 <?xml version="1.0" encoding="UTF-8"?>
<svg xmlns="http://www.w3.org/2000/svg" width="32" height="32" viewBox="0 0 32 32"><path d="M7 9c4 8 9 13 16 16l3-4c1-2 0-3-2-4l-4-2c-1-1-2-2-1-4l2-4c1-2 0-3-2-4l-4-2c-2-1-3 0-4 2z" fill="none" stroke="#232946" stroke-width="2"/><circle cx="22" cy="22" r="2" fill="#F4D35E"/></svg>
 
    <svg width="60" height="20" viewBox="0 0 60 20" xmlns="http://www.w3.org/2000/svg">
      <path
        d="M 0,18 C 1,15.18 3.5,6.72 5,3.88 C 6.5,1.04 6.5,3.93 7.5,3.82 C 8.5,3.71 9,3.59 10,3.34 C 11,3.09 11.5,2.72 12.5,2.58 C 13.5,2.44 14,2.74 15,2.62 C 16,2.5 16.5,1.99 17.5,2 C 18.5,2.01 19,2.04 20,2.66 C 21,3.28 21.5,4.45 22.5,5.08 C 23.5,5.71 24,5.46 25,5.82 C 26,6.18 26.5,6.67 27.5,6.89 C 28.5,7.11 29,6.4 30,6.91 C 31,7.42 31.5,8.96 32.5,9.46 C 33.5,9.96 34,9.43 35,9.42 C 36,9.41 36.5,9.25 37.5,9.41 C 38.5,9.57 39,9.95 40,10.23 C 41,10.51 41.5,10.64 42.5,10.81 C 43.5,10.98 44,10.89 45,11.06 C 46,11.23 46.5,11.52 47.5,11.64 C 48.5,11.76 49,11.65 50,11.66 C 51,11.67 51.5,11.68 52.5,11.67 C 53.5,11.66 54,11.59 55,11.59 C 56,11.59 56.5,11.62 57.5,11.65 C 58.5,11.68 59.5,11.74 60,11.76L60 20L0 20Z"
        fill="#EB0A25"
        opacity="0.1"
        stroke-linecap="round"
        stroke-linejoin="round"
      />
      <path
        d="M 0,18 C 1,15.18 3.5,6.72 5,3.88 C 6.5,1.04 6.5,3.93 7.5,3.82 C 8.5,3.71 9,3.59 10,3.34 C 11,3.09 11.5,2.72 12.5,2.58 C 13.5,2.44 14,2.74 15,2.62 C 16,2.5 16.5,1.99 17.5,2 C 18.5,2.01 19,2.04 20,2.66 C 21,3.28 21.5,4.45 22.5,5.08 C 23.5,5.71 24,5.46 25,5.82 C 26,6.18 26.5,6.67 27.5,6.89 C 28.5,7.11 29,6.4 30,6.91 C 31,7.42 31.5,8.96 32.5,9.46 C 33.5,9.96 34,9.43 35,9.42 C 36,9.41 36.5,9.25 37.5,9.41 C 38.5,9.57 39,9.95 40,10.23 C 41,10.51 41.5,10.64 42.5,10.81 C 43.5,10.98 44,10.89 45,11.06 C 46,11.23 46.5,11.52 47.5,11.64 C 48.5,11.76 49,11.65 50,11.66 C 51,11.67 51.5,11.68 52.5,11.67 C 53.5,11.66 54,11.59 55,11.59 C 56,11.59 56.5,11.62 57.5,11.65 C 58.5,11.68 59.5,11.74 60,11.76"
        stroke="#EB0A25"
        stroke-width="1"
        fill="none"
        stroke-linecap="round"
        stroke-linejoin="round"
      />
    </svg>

**What you should do**. Restate the whole set of entries exactly.

**Expected output**.
 <?xml version="1.0" encoding="UTF-8"?>
<svg xmlns="http://www.w3.org/2000/svg" width="32" height="32" viewBox="0 0 32 32"><path d="M7 9c4 8 9 13 16 16l3-4c1-2 0-3-2-4l-4-2c-1-1-2-2-1-4l2-4c1-2 0-3-2-4l-4-2c-2-1-3 0-4 2z" fill="none" stroke="#232946" stroke-width="2"/><circle cx="22" cy="22" r="2" fill="#F4D35E"/></svg>
 
    <svg width="60" height="20" viewBox="0 0 60 20" xmlns="http://www.w3.org/2000/svg">
      <path
        d="M 0,18 C 1,15.18 3.5,6.72 5,3.88 C 6.5,1.04 6.5,3.93 7.5,3.82 C 8.5,3.71 9,3.59 10,3.34 C 11,3.09 11.5,2.72 12.5,2.58 C 13.5,2.44 14,2.74 15,2.62 C 16,2.5 16.5,1.99 17.5,2 C 18.5,2.01 19,2.04 20,2.66 C 21,3.28 21.5,4.45 22.5,5.08 C 23.5,5.71 24,5.46 25,5.82 C 26,6.18 26.5,6.67 27.5,6.89 C 28.5,7.11 29,6.4 30,6.91 C 31,7.42 31.5,8.96 32.5,9.46 C 33.5,9.96 34,9.43 35,9.42 C 36,9.41 36.5,9.25 37.5,9.41 C 38.5,9.57 39,9.95 40,10.23 C 41,10.51 41.5,10.64 42.5,10.81 C 43.5,10.98 44,10.89 45,11.06 C 46,11.23 46.5,11.52 47.5,11.64 C 48.5,11.76 49,11.65 50,11.66 C 51,11.67 51.5,11.68 52.5,11.67 C 53.5,11.66 54,11.59 55,11.59 C 56,11.59 56.5,11.62 57.5,11.65 C 58.5,11.68 59.5,11.74 60,11.76L60 20L0 20Z"
        fill="#EB0A25"
        opacity="0.1"
        stroke-linecap="round"
        stroke-linejoin="round"
      />
      <path
        d="M 0,18 C 1,15.18 3.5,6.72 5,3.88 C 6.5,1.04 6.5,3.93 7.5,3.82 C 8.5,3.71 9,3.59 10,3.34 C 11,3.09 11.5,2.72 12.5,2.58 C 13.5,2.44 14,2.74 15,2.62 C 16,2.5 16.5,1.99 17.5,2 C 18.5,2.01 19,2.04 20,2.66 C 21,3.28 21.5,4.45 22.5,5.08 C 23.5,5.71 24,5.46 25,5.82 C 26,6.18 26.5,6.67 27.5,6.89 C 28.5,7.11 29,6.4 30,6.91 C 31,7.42 31.5,8.96 32.5,9.46 C 33.5,9.96 34,9.43 35,9.42 C 36,9.41 36.5,9.25 37.5,9.41 C 38.5,9.57 39,9.95 40,10.23 C 41,10.51 41.5,10.64 42.5,10.81 C 43.5,10.98 44,10.89 45,11.06 C 46,11.23 46.5,11.52 47.5,11.64 C 48.5,11.76 49,11.65 50,11.66 C 51,11.67 51.5,11.68 52.5,11.67 C 53.5,11.66 54,11.59 55,11.59 C 56,11.59 56.5,11.62 57.5,11.65 C 58.5,11.68 59.5,11.74 60,11.76"
        stroke="#EB0A25"
        stroke-width="1"
        fill="none"
        stroke-linecap="round"
        stroke-linejoin="round"
      />
    </svg>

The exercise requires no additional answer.